About this exercise |
In the listing below, find the line containing "16.019C169.969 19.477 167.453" and the line containing "20.848H221.851V5.647H223.979V8.45C224.715 6.588 226.823". Repeat exactly those two lines and every line between them, nothing more.
[[ Given records open ]]
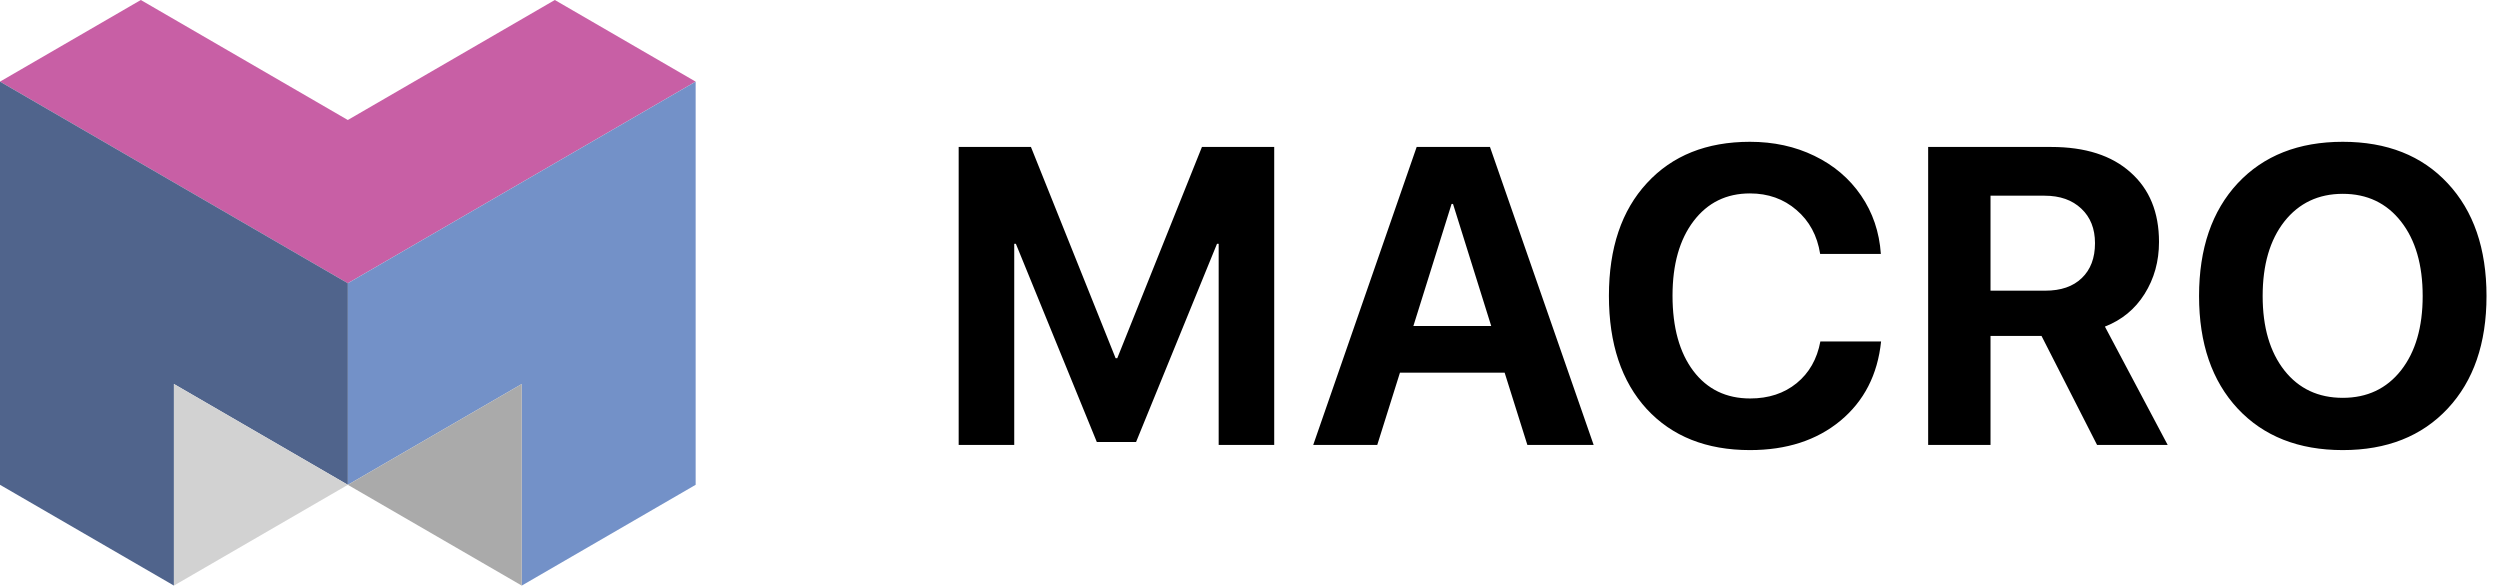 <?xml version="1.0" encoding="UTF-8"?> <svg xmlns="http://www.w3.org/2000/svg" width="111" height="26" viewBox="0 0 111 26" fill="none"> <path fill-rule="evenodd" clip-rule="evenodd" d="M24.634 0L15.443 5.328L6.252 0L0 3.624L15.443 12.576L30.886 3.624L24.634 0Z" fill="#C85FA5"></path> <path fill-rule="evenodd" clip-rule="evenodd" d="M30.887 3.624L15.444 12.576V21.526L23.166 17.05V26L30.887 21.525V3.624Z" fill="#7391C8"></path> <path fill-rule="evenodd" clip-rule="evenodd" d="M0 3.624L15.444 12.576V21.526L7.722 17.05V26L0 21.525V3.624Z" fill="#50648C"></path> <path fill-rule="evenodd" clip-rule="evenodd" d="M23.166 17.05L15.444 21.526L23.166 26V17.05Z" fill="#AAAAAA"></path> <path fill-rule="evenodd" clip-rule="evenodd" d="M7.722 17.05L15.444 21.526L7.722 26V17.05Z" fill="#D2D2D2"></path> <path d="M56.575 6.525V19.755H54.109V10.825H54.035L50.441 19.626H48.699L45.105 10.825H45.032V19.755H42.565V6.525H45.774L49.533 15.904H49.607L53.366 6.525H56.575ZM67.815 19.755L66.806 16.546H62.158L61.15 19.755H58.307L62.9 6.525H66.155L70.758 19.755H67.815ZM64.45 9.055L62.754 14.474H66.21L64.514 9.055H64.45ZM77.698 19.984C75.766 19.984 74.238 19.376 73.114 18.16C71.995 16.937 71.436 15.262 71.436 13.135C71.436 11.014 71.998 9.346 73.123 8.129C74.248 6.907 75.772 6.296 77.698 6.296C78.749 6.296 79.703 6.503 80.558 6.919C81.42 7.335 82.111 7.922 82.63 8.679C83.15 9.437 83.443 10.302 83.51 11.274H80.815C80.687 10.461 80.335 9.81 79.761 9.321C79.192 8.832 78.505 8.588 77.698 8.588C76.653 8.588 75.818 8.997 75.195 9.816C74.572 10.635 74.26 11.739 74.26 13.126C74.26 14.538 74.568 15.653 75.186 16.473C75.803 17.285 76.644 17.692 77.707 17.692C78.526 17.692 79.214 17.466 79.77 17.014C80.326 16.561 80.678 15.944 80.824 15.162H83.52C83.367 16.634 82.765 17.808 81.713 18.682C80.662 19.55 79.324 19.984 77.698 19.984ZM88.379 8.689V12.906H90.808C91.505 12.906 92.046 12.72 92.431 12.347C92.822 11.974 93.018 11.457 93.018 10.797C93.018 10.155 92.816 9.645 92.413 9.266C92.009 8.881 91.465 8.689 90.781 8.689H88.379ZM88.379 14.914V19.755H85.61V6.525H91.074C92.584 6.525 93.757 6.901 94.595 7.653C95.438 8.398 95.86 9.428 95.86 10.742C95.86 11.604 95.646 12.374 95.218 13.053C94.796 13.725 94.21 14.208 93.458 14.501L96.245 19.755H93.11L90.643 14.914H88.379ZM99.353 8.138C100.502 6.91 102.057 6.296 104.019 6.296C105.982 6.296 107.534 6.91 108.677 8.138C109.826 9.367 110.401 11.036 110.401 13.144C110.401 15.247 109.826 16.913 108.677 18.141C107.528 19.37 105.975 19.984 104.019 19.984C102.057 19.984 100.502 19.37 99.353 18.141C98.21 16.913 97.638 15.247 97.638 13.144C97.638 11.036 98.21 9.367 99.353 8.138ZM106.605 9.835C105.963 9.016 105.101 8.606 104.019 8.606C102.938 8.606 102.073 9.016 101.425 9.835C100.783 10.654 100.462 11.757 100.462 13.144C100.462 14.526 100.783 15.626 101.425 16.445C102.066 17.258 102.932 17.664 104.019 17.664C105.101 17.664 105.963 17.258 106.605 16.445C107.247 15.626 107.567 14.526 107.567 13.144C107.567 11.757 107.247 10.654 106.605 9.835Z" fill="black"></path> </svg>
[[ Given records closed ]]
[[ Given records open ]]
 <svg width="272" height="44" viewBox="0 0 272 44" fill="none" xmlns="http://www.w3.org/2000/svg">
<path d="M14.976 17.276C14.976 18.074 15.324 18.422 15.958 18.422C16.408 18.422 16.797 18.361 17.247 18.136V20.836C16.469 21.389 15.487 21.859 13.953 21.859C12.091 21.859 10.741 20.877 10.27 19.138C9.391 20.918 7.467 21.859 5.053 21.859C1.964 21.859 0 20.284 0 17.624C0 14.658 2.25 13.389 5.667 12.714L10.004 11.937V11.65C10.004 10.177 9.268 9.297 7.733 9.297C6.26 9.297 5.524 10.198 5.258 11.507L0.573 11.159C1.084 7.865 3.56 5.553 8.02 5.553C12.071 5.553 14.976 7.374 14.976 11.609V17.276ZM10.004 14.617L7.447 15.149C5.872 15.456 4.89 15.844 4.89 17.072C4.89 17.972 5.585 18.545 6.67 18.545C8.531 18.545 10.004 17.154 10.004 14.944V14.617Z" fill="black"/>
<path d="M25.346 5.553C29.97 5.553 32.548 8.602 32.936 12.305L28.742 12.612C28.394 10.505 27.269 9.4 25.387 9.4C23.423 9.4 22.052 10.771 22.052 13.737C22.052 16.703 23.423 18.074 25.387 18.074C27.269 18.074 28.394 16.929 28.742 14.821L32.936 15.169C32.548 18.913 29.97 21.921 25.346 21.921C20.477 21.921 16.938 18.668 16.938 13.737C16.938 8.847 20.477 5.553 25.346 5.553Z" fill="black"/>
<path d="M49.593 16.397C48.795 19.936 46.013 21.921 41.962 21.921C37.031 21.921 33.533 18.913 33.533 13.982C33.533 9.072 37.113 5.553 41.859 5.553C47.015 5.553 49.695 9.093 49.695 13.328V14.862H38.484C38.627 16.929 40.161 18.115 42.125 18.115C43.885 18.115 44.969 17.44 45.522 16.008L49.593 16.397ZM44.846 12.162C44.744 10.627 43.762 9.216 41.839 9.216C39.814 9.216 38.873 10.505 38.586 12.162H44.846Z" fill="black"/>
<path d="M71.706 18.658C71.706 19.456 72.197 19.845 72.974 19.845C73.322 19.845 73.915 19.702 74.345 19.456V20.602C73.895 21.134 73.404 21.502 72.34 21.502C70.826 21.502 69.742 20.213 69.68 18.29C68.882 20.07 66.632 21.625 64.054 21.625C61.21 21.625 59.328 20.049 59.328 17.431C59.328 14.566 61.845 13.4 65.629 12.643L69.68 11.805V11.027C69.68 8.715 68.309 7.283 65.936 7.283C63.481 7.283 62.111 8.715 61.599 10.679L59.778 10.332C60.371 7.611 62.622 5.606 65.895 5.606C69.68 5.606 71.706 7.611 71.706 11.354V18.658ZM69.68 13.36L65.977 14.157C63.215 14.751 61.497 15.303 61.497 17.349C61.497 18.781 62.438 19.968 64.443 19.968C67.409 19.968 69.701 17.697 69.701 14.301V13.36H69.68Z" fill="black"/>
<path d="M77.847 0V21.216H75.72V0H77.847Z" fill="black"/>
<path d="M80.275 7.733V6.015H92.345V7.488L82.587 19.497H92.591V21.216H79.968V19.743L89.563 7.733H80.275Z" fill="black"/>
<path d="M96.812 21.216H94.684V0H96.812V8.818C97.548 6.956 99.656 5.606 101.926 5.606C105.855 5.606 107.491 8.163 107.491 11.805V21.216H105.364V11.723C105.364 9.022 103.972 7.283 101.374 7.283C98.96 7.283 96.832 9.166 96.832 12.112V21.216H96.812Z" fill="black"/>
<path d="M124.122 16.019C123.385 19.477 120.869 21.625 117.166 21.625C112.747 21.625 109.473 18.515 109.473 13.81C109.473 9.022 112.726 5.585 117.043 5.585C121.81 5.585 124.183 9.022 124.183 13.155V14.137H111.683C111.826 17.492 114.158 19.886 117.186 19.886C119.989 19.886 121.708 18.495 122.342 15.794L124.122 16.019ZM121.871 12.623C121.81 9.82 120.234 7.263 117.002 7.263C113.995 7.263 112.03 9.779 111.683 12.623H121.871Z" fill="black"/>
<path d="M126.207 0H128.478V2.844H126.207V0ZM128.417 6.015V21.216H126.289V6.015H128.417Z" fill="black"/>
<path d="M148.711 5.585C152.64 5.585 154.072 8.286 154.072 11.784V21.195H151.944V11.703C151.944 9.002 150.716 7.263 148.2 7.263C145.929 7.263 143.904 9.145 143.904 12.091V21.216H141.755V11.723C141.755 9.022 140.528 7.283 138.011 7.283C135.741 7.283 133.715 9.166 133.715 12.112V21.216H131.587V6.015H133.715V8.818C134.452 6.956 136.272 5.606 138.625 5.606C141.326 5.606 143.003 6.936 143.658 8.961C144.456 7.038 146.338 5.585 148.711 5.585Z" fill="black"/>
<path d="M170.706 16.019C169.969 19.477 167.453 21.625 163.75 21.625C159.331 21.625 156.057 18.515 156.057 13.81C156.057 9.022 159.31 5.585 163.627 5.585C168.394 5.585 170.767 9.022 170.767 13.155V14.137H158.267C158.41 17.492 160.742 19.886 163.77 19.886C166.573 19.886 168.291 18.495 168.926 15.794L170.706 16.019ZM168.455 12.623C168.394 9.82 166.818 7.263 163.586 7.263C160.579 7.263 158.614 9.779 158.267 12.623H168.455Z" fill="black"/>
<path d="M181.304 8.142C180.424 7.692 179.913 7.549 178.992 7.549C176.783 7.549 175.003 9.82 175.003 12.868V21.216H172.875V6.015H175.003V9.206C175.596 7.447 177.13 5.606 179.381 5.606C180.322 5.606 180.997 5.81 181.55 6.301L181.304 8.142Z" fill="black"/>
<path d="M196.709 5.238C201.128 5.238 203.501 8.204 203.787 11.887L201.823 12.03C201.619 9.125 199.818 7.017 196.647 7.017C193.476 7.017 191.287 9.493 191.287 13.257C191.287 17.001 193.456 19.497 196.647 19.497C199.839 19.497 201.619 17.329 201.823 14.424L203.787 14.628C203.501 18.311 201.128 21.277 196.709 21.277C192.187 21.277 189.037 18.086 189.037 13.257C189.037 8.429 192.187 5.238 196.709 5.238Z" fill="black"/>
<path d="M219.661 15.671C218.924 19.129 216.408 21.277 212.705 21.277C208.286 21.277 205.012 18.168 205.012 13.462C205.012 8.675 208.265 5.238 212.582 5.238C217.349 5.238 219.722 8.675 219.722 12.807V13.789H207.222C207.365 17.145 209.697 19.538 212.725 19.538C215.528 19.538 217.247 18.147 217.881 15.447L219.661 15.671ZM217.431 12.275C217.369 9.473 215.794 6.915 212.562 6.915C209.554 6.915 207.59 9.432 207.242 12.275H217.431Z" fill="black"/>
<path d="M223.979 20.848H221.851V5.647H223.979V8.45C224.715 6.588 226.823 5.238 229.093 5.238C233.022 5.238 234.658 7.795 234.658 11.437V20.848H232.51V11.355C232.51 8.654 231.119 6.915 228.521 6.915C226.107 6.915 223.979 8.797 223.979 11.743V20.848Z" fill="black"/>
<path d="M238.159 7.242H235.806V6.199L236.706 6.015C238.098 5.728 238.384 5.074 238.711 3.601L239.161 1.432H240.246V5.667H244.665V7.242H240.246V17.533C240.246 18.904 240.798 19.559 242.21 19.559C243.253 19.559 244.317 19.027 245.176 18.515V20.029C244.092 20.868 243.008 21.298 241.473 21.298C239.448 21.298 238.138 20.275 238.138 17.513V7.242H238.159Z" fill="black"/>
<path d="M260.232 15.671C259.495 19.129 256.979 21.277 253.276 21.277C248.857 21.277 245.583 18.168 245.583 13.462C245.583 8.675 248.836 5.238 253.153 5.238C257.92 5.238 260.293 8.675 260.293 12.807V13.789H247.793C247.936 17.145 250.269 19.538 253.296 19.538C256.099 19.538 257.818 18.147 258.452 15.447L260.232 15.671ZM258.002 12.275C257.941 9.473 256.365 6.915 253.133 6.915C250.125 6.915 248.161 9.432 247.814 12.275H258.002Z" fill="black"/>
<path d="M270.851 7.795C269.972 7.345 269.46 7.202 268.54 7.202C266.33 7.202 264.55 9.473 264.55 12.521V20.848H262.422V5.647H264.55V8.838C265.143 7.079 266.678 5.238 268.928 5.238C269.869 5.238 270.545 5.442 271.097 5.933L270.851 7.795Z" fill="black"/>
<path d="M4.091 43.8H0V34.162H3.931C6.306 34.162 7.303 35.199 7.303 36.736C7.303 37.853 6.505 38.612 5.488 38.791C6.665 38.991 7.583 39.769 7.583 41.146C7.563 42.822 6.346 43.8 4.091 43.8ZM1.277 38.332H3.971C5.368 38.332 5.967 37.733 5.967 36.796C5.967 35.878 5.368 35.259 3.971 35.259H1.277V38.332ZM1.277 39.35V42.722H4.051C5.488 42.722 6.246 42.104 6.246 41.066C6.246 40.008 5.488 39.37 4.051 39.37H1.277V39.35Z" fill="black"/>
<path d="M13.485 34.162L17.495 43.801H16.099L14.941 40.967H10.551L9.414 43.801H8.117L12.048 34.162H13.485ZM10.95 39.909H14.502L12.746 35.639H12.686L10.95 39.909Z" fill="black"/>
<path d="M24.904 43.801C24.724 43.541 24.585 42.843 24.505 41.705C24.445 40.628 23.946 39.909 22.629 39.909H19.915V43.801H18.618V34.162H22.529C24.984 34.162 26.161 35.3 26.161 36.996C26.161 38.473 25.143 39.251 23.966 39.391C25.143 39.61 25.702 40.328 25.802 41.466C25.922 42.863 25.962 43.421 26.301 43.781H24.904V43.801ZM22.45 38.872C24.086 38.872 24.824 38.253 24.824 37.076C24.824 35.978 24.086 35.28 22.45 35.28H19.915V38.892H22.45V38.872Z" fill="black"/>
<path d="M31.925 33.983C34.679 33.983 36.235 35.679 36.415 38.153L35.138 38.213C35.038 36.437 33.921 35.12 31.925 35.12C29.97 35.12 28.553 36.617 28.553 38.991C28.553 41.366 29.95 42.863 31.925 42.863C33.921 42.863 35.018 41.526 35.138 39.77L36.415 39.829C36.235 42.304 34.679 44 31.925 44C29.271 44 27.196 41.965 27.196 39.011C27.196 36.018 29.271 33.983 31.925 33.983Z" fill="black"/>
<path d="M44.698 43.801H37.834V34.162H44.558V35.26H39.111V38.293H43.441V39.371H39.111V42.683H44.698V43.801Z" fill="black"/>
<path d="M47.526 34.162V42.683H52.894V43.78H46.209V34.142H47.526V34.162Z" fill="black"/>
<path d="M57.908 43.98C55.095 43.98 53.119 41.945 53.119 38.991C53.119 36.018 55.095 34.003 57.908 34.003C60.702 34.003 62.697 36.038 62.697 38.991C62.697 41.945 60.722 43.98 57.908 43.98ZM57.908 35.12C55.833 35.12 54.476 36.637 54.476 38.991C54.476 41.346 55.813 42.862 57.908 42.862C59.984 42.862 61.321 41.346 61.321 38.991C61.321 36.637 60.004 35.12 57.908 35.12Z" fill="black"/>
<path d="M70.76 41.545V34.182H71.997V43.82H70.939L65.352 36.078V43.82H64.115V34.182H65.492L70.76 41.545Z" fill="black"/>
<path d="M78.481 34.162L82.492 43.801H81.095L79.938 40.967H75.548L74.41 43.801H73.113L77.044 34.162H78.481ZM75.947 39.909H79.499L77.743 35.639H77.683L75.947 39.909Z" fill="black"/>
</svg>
[[ Given records closed ]]
Response below |
<path d="M170.706 16.019C169.969 19.477 167.453 21.625 163.75 21.625C159.331 21.625 156.057 18.515 156.057 13.81C156.057 9.022 159.31 5.585 163.627 5.585C168.394 5.585 170.767 9.022 170.767 13.155V14.137H158.267C158.41 17.492 160.742 19.886 163.77 19.886C166.573 19.886 168.291 18.495 168.926 15.794L170.706 16.019ZM168.455 12.623C168.394 9.82 166.818 7.263 163.586 7.263C160.579 7.263 158.614 9.779 158.267 12.623H168.455Z" fill="black"/>
<path d="M181.304 8.142C180.424 7.692 179.913 7.549 178.992 7.549C176.783 7.549 175.003 9.82 175.003 12.868V21.216H172.875V6.015H175.003V9.206C175.596 7.447 177.13 5.606 179.381 5.606C180.322 5.606 180.997 5.81 181.55 6.301L181.304 8.142Z" fill="black"/>
<path d="M196.709 5.238C201.128 5.238 203.501 8.204 203.787 11.887L201.823 12.03C201.619 9.125 199.818 7.017 196.647 7.017C193.476 7.017 191.287 9.493 191.287 13.257C191.287 17.001 193.456 19.497 196.647 19.497C199.839 19.497 201.619 17.329 201.823 14.424L203.787 14.628C203.501 18.311 201.128 21.277 196.709 21.277C192.187 21.277 189.037 18.086 189.037 13.257C189.037 8.429 192.187 5.238 196.709 5.238Z" fill="black"/>
<path d="M219.661 15.671C218.924 19.129 216.408 21.277 212.705 21.277C208.286 21.277 205.012 18.168 205.012 13.462C205.012 8.675 208.265 5.238 212.582 5.238C217.349 5.238 219.722 8.675 219.722 12.807V13.789H207.222C207.365 17.145 209.697 19.538 212.725 19.538C215.528 19.538 217.247 18.147 217.881 15.447L219.661 15.671ZM217.431 12.275C217.369 9.473 215.794 6.915 212.562 6.915C209.554 6.915 207.59 9.432 207.242 12.275H217.431Z" fill="black"/>
<path d="M223.979 20.848H221.851V5.647H223.979V8.45C224.715 6.588 226.823 5.238 229.093 5.238C233.022 5.238 234.658 7.795 234.658 11.437V20.848H232.51V11.355C232.51 8.654 231.119 6.915 228.521 6.915C226.107 6.915 223.979 8.797 223.979 11.743V20.848Z" fill="black"/>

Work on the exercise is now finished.